In the note in definition of $\textrm{Nul}(A),$ it says that every subspace of $\mathbb{R}^n$ is the null space of some matrix $A$. Let's see some examples.

Each 1 dimensional subspace of $\mathbb{R}^2$ is a line through the origin. The line with slope $m$ is the subspace $V = \left\{ [x,y] \in \mathbb{R}^2 \, \middle\vert \, y=mx \right\}$ which is the null space of $A = \left[ \begin{array}{cc} -m & 1 \end{array} \right].$ The line with infinite slope, the $y$-axis, is the null space of $A = \left[ \begin{array}{cc} 1 & 0 \end{array} \right].$
A 1 dimensional subspace of $\mathbb{R}^3$ is the $x$-axis. This subspace is $$V = \left\{ \ \left[ \begin{array}{c} x \\ 0 \\ 0 \\ \end{array} \right] \ \ \middle\vert \ \ x \in \mathbb{R} \right\} = \textrm{Nul} \left( \ \left[ \begin{array}{ccc} 0 & 1 & 0 \\ 0 & 0 & 1 \\ \end{array} \right] \ \right).$$
A 2 dimensional subspace of $\mathbb{R}^3$ is the $xy$-plane.
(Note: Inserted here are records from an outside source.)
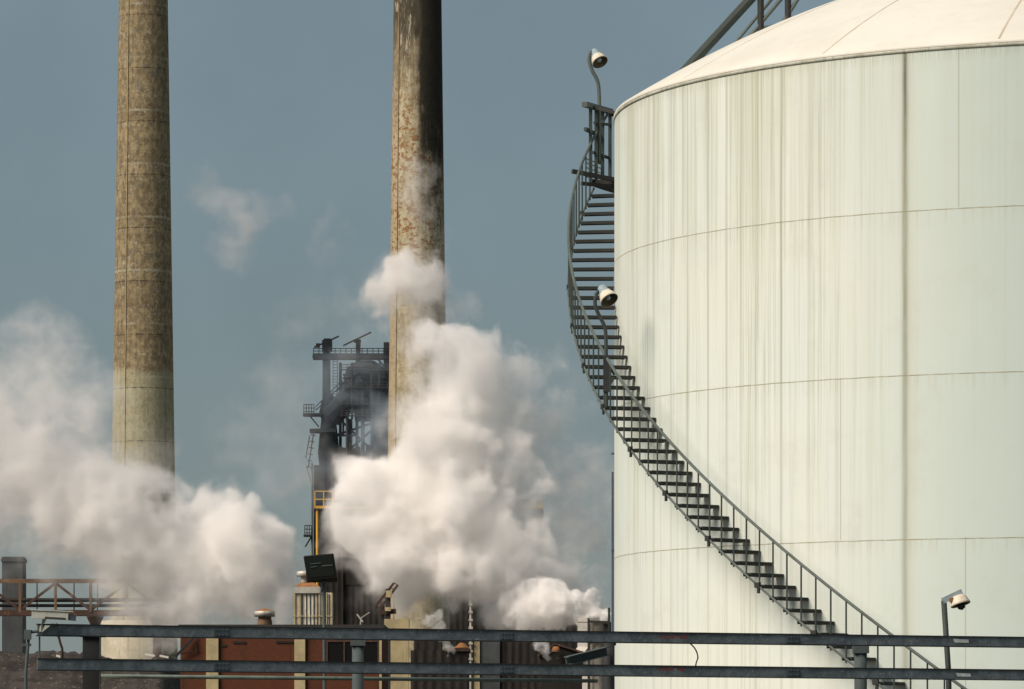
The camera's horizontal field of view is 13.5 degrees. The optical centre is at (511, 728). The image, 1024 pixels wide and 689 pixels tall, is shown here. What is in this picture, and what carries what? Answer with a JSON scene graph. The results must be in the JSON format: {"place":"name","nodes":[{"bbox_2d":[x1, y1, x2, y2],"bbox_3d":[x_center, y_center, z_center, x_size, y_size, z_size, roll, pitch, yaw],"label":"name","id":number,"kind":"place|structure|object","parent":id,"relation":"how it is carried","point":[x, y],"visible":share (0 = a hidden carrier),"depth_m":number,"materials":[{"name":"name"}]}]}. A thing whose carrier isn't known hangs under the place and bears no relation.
{"place":"outdoors","nodes":[
{"label":"outdoors","id":0,"kind":"place"},
{"bbox_2d":[1,557,26,653],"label":"tower","id":1,"kind":"structure","parent":0,"point":[13,629],"depth_m":385.00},
{"bbox_2d":[0,579,165,656],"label":"truss bridge","id":2,"kind":"structure","parent":0,"point":[93,616],"depth_m":334.93,"materials":[{"name":"metal"}]},
{"bbox_2d":[0,650,179,688],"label":"hill","id":3,"kind":"structure","parent":0,"point":[12,667],"depth_m":256.51,"materials":[{"name":"soil"}]},
{"bbox_2d":[51,623,62,657],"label":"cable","id":4,"kind":"object","parent":3,"relation":"on","point":[61,646],"visible":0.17,"depth_m":251.93,"materials":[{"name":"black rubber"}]},
{"bbox_2d":[356,612,369,624],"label":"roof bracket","id":5,"kind":"object","parent":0,"point":[361,620],"visible":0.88,"depth_m":245.97,"materials":[{"name":"grey metal"}]},
{"bbox_2d":[384,619,408,688],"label":"concrete pillar","id":6,"kind":"structure","parent":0,"point":[399,651],"depth_m":252.00,"materials":[{"name":"concrete"}]},
{"bbox_2d":[0,0,834,659],"label":"sky","id":7,"kind":"structure","parent":0,"point":[280,111],"materials":[{"name":"blue"}]},
{"bbox_2d":[411,641,470,688],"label":"shed","id":8,"kind":"structure","parent":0,"point":[428,651],"depth_m":285.00,"materials":[{"name":"metal"}]},
{"bbox_2d":[468,591,577,688],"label":"process building","id":9,"kind":"structure","parent":0,"point":[557,613],"depth_m":343.00,"materials":[{"name":"metal"}]},
{"bbox_2d":[480,642,499,688],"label":"door panel","id":10,"kind":"structure","parent":9,"relation":"in","point":[489,651],"depth_m":342.79,"materials":[{"name":"grey metal"}]},
{"bbox_2d":[537,643,583,688],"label":"gable shed","id":11,"kind":"structure","parent":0,"point":[555,653],"depth_m":290.00,"materials":[{"name":"metal"}]},
{"label":"ground","id":12,"kind":"structure","parent":0,"visible":0},
{"bbox_2d":[21,630,39,688],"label":"conduit post","id":13,"kind":"object","parent":12,"relation":"on","point":[27,635],"visible":1,"depth_m":43.99,"materials":[{"name":"grey metal"}]},
{"bbox_2d":[83,637,100,688],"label":"support post","id":14,"kind":"object","parent":12,"relation":"on","point":[91,650],"visible":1,"depth_m":44.42,"materials":[{"name":"metal"}]},
{"bbox_2d":[36,658,1023,680],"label":"steel beam","id":15,"kind":"structure","parent":14,"relation":"attached to","point":[165,665],"depth_m":46.49,"materials":[{"name":"grey metal"}]},
{"bbox_2d":[101,674,597,682],"bbox_3d":[-1.695,-0.535,46.550,6.224,0.056,0.044,0,0,-32],"label":"pipe","id":16,"kind":"object","parent":15,"relation":"attached to","point":[136,676],"visible":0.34,"depth_m":46.43,"materials":[{"name":"grey metal"}]},
{"bbox_2d":[36,624,1023,647],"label":"steel beam","id":17,"kind":"structure","parent":14,"relation":"on","point":[220,632],"depth_m":46.50,"materials":[{"name":"grey metal"}]},
{"bbox_2d":[30,609,76,631],"bbox_3d":[-4.648,-1.089,43.950,0.458,0.238,0.136,0,0,0],"label":"security camera","id":18,"kind":"object","parent":17,"relation":"attached to","point":[43,615],"visible":1,"depth_m":43.90,"materials":[{"name":"metal"}]},
{"bbox_2d":[690,644,698,665],"bbox_3d":[1.980,-0.827,47.804,0.188,0.342,0.094,0,0,22],"label":"cable","id":19,"kind":"object","parent":17,"relation":"attached to","point":[696,653],"visible":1,"depth_m":47.75,"materials":[{"name":"black plastic"}]},
{"bbox_2d":[101,0,177,659],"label":"chimney","id":20,"kind":"object","parent":12,"relation":"on","point":[143,528],"visible":0.84,"depth_m":397.73,"materials":[{"name":"concrete"}]},
{"bbox_2d":[175,625,387,688],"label":"brick building","id":21,"kind":"structure","parent":12,"relation":"on","point":[260,649],"depth_m":235.00,"materials":[{"name":"brick"}]},
{"bbox_2d":[254,608,274,624],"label":"roof vent","id":22,"kind":"object","parent":21,"relation":"on","point":[264,615],"visible":0.95,"depth_m":237.65,"materials":[{"name":"white metal"}]},
{"bbox_2d":[293,571,332,624],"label":"ventilator house","id":23,"kind":"structure","parent":21,"relation":"on","point":[308,610],"depth_m":238.00,"materials":[{"name":"metal"}]},
{"bbox_2d":[326,640,378,661],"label":"window","id":24,"kind":"structure","parent":21,"relation":"in","point":[336,650],"depth_m":234.96,"materials":[{"name":"black glass"}]},
{"bbox_2d":[304,553,337,688],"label":"floodlight","id":25,"kind":"object","parent":12,"relation":"on","point":[321,568],"visible":1,"depth_m":49.84,"materials":[{"name":"grey metal"}]},
{"bbox_2d":[303,332,388,592],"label":"blast furnace","id":26,"kind":"object","parent":12,"relation":"on","point":[362,394],"visible":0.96,"depth_m":450.80,"materials":[{"name":"metal"}]},
{"bbox_2d":[350,640,364,688],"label":"support post","id":27,"kind":"object","parent":12,"relation":"on","point":[357,656],"visible":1,"depth_m":45.89,"materials":[{"name":"grey metal"}]},
{"bbox_2d":[375,583,398,688],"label":"jib crane","id":28,"kind":"object","parent":12,"relation":"on","point":[388,611],"visible":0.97,"depth_m":267.85,"materials":[{"name":"metal"}]},
{"bbox_2d":[386,0,449,688],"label":"chimney","id":29,"kind":"object","parent":12,"relation":"on","point":[417,572],"visible":0.88,"depth_m":409.73,"materials":[{"name":"concrete"}]},
{"bbox_2d":[314,491,543,688],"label":"cast house","id":30,"kind":"structure","parent":12,"relation":"on","point":[494,550],"depth_m":448.50,"materials":[{"name":"metal"}]},
{"bbox_2d":[564,643,615,688],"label":"support post","id":31,"kind":"object","parent":12,"relation":"on","point":[606,651],"visible":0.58,"depth_m":47.47,"materials":[{"name":"metal"}]},
{"bbox_2d":[576,608,610,688],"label":"scrubber stack","id":32,"kind":"object","parent":12,"relation":"on","point":[586,624],"visible":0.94,"depth_m":311.40,"materials":[{"name":"white metal"}]},
{"bbox_2d":[567,102,966,688],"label":"spiral staircase","id":33,"kind":"structure","parent":12,"relation":"on","point":[605,182],"depth_m":68.29,"materials":[{"name":"metal"}]},
{"bbox_2d":[587,48,607,163],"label":"gooseneck lamp","id":34,"kind":"object","parent":33,"relation":"attached to","point":[599,59],"visible":1,"depth_m":74.55,"materials":[{"name":"grey metal"}]},
{"bbox_2d":[593,284,617,408],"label":"gooseneck lamp","id":35,"kind":"object","parent":33,"relation":"attached to","point":[608,297],"visible":1,"depth_m":68.36,"materials":[{"name":"grey metal"}]},
{"bbox_2d":[611,0,1023,688],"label":"storage tank","id":36,"kind":"object","parent":12,"relation":"on","point":[819,262],"visible":0.95,"depth_m":65.14,"materials":[{"name":"metal"}]},
{"bbox_2d":[678,0,798,70],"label":"roof gantry","id":37,"kind":"object","parent":36,"relation":"on","point":[723,28],"visible":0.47,"depth_m":73.55,"materials":[{"name":"grey metal"}]},
{"bbox_2d":[852,646,868,688],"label":"support post","id":38,"kind":"object","parent":12,"relation":"on","point":[860,656],"visible":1,"depth_m":48.69,"materials":[{"name":"grey metal"}]},
{"bbox_2d":[941,589,969,688],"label":"yard lamp","id":39,"kind":"object","parent":12,"relation":"on","point":[959,599],"visible":0.98,"depth_m":53.97,"materials":[{"name":"grey metal"}]}
]}

This subspace is $$V = \left\{ \ \left[ \begin{array}{c} x \\ y \\ 0 \\ \end{array} \right] \ \ \middle\vert \ \ x , y \in \mathbb{R} \right\} = \textrm{Nul} \left( \ \left[ \begin{array}{ccc} 0 & 0 & 1 \\ \end{array} \right] \ \right).$$

Subspaces of $M_n(\mathbb{R})$
- The space of diagonal matrices, $D_n,$ is the subspace of square matrices that have zeroes everywhere off the main diagonal. As a set they can be written as $$D_n = \left\{ \, A \in M_n(\mathbb{R}) \, \middle\vert \, \left[ A \right]_{\, i,\, j} = 0 \textrm{ for } i \neq j \, \right\} = \left\{ \, \, \left[ \begin{array}{cccc} a_{\, 1, \, 1} & 0 & \cdots & 0 \\ 0 & a_{\, 2, \, 2} & \cdots & 0 \\ \vdots & \vdots & \ddots & \vdots \\ 0 & 0 & \dots & a_{\, n, \, n} \\ \end{array} \right] \, \, \middle\vert \, a_{\, i , \, i} \in \mathbb{R} \right\}. $$
- The space of lower triangular matrices, $LT_n,$ is the subspace of square matrices that have zeroes everywhere above the main diagonal. As a set they can be written as $$LT_n = \left\{ \, A \in M_n(\mathbb{R}) \, \middle\vert \, \left[ A \right]_{\, i,\, j} = 0 \textrm{ for } i < j \, \right\} = \left\{ \, \, \left[ \begin{array}{cccc} a_{\, 1, \, 1} & 0 & \cdots & 0 \\ a_{\, 2, \, 1} & a_{\, 2, \, 2} & \cdots & 0 \\ \vdots & \vdots & \ddots & \vdots \\ a_{\, n, \, 1} & a_{\, n, \, 2} & \dots & a_{\, n, \, n} \\ \end{array} \right] \, \, \middle\vert \, a_{\, i , \, j} \in \mathbb{R} \right\}. $$
- The space of upper triangular matrices, $UT_n,$ is the subspace of square matrices that have zeroes everywhere below the main diagonal. As a set they can be written as $$UT_n = \left\{ \, A \in M_n(\mathbb{R}) \, \middle\vert \, \left[ A \right]_{\, i,\, j} = 0 \textrm{ for } i > j \, \right\} = \left\{ \, \, \left[ \begin{array}{cccc} a_{\, 1, \, 1} & a_{\, 1, \, 2} & \cdots & a_{\, 1, \, n} \\ 0 & a_{\, 2, \, 2} & \cdots & a_{\, 2, \, n} \\ \vdots & \vdots & \ddots & \vdots \\ 0 & 0 & \dots & a_{\, n, \, n} \\ \end{array} \right] \, \, \middle\vert \, a_{\, i , \, j} \in \mathbb{R} \right\}. $$
- You are asked to prove that $UT_n$ is a subspace of $M_n(\mathbb{R})$ in Exercise S.T20 from Beezer. This exercise is listed in the homework section.
- Notice that $D_n$ is actually a subspace of $LT_n$ and $UT_n,$ as well as a subspace of $M_n(\mathbb{R}).$ In fact, $D_n = LT_n \cap UT_n.$ In general, the intersection of any two subspaces is also a subspace. Can you prove it?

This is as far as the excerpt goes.